2021年8月19日 06:00
デルタ株もいつの間にか蔓延…医師警鐘「ラムダ株もすでに市中感染している可能性」
政府の姿勢を「論外だ」と切り捨てるのは、医療ガバナンス研究所理事長で内科医の上昌広さんだ。
「いま、大流行しているデルタ株のあとに流行するのではないかと懸念されているのが、今回、空港検疫で発見されたラムダ株です。恐ろしい変異株で、人口あたりの死者数が世界最悪となったペルーを中心に、南米で猛威をふるっています」
昨年8月にペルーで発見されたラムダ株。まだ日本ではほとんど知られていないこの変異株は、どのような危険性を秘めているのか。上さんが解説する。

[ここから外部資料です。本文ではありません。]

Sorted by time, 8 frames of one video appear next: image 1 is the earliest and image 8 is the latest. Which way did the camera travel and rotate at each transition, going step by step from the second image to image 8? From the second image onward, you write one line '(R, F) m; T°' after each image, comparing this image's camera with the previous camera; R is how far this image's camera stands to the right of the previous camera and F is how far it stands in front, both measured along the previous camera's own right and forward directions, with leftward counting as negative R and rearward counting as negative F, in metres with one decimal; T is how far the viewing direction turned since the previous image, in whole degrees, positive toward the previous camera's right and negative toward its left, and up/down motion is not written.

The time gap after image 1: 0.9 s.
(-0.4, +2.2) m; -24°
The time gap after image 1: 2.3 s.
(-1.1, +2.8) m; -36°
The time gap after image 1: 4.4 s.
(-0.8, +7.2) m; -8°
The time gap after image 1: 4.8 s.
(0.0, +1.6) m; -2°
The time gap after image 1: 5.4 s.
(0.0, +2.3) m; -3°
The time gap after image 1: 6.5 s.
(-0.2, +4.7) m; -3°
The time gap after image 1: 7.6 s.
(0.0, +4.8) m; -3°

「ペルーでは今年1月ごろから増加し始め、現在は新規感染者のほぼ全員がラムダ株です。チリやアルゼンチンなど、周辺国にも広がりを見せています。今年6月、ラムダ株のゲノムの全配列が公開されたのですが、10カ所以上が従来の株から変異していることがわかりました。

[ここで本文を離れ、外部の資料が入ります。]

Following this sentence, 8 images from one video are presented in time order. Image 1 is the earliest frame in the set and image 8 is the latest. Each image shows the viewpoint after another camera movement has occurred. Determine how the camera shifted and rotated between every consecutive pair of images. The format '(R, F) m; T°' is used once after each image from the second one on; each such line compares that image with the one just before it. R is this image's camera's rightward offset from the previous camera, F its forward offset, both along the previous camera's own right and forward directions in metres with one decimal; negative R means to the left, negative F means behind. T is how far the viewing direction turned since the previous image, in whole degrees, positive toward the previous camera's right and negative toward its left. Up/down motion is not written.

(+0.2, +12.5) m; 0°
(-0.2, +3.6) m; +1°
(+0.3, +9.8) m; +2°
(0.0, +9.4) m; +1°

特徴的なのがF409Sという部分の変異で、これによってワクチンの効果が従来型に比べ5分の1ほどに落ちると見られています」
ラムダ株の研究論文を発表した東京大学医科学研究所の佐藤佳さんは、ほかの変異株と同様、ラムダ株も「人類にとって潜在的な脅威となる」と結論づけている。
「われわれの行った細胞実験では、従来型にくらべ感染力が1.5〜2倍で、デルタ株と同程度でした。